My greatest life achievement is my daughter Haley — she is without a doubt the best thing about me. Friends and acquaintances are often surprised that I am a skydiver while raising a little girl, they sometimes find it reckless or selfish.  I couldn’t disagree more. She experiences the sport with me, at the dropzone on weekends she has even helped pack a parachute and helps hand out forms. She gets to grow up in a world where people pursue their passions, in a culture where there is no bullying or judging and where the setting sun is generally the only limit to a days worth of adventure.  Whether she ever jumps or not is unimportant; that she pursues her dreams and the things that make her whole is a lesson I hope she takes away from me and growing up around skydiving. Though I must be honest, she often teaches me more life lessons than I can hope to teach her.

The most valuable lesson I’ve learned since I’ve started jumping is that life is about living and pursuing those things that you are passionate about and make you feel most alive.  Nobody says, on their deathbed, that they wish they worked more, watched more TV or sat on the couch more. Get to living!

Chris Fuller


“Real life” occupation: x-ray technologist

When was your first jump? Static line jump on May 18, 1997

The most valuable lesson Chris has learned since that jump? Never become complacent. Treat every skydive for exactly what it is, you are about to jump out of an airplane.

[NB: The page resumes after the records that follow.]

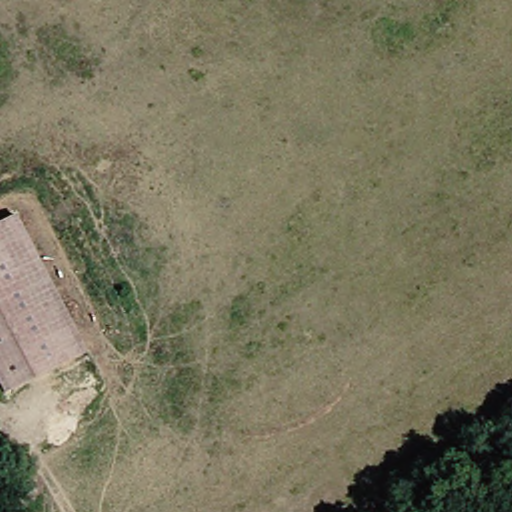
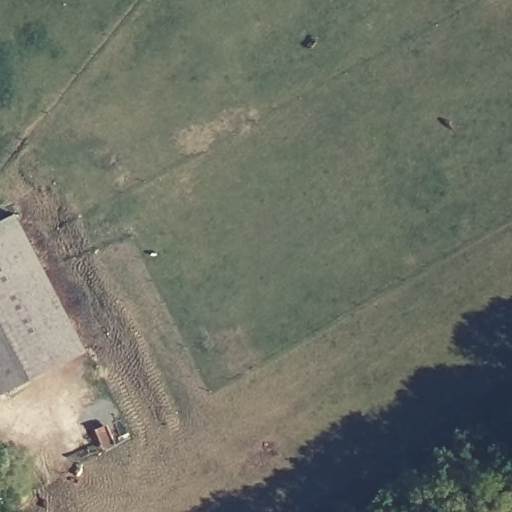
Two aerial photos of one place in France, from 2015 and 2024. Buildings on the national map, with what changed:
unchanged [(91,351),(7,393),(0,379),(0,222),(18,213),(91,351)]

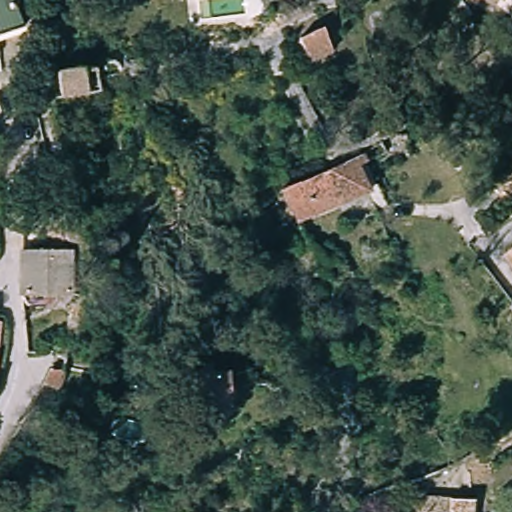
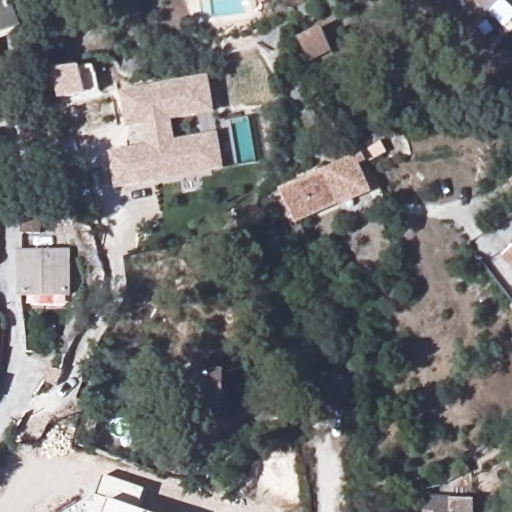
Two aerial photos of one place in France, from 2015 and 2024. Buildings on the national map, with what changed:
unchanged [(0,36),(0,0),(6,0),(19,26),(0,36)]
unchanged [(251,0),(268,0),(255,7),(251,0)]
unchanged [(467,0),(479,0),(473,6),(467,0)]
unchanged [(314,27),(327,50),(310,61),(299,37),(314,27)]
unchanged [(85,76),(90,97),(51,104),(48,82),(85,76)]
new [(173,119),(178,140),(148,144),(145,125),(128,127),(121,91),(211,76),(217,111),(173,119)]
new [(115,189),(108,151),(148,144),(178,140),(221,133),(227,170),(115,189)]
unchanged [(264,197),(361,155),(370,153),(375,164),(349,177),(360,199),(286,231),(264,197)]
unchanged [(58,222),(58,232),(57,245),(35,244),(34,221),(58,222)]
unchanged [(70,301),(31,301),(16,300),(17,268),(17,258),(30,258),(70,259),(70,301)]
unchanged [(509,262),(512,259),(512,265),(509,262)]
unchanged [(188,407),(188,382),(206,383),(206,372),(223,373),(221,382),(231,382),(231,408),(188,407)]
new [(148,490),(142,511),(145,512),(70,512),(99,495),(105,476),(148,490)]
unchanged [(474,500),(471,512),(417,512),(421,492),(474,500)]

Chris’s words to live by: Enjoy every day!

Why should Chris says someone should try skydiving for the first time: It is an experience like no other that will bring a new perspective to the sky and the ground they live on. However it is a decision that they do need to make for themselves.

The most badass thing Chris can do in the air: Being able to work with and take people that significantly outsize me on tandem jumps, people that would not necessarily be able to jump if it weren’t for jumping with a relatively light tandem instructor like myself.

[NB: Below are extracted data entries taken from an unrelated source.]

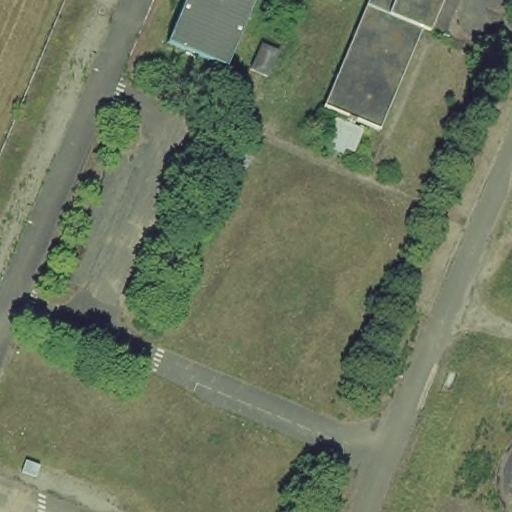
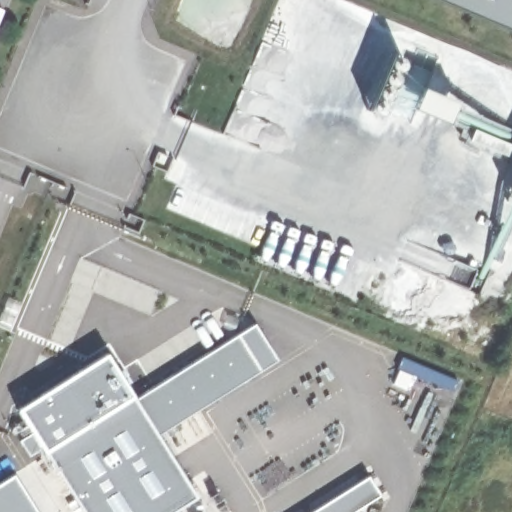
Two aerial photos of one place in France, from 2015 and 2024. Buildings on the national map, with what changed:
demolished [(166,45),(185,0),(255,0),(228,67),(166,45)]
demolished [(349,155),(320,147),(334,113),(318,109),(366,0),(436,0),(379,134),(363,125),(349,155)]
demolished [(340,0),(339,1),(337,0),(340,0)]
new [(436,0),(512,0),(512,32),(436,0)]
new [(106,354),(136,398),(255,325),(277,360),(158,435),(196,498),(174,512),(82,512),(17,410),(106,354)]
new [(37,512),(0,512),(0,484),(14,475),(37,512)]
new [(368,476),(380,495),(353,512),(312,512),(368,476)]

When I saw that parachute open above me for the first time I was hooked. Skydiving has brought me tremendous joy, not only on the days I’m participating but also on others when I am reflecting on the past jumps and looking forward to my next ones. I will always cherish the phenomenal people that I have met in this sport, who tend to have a different outlook on life than most of society! It is also a great conversation starter on a job interview. I skydive because I love introducing people to the sport. My goal is to continue enjoying this the way I always have and to continue introducing other people to this great sport for as long as I am physically and mentally able to. It is the best outlet from daily life that I have found so far!

John Wallace


“Real life” occupation: Pastor & Professional Skydiver, retired teacher and farmer.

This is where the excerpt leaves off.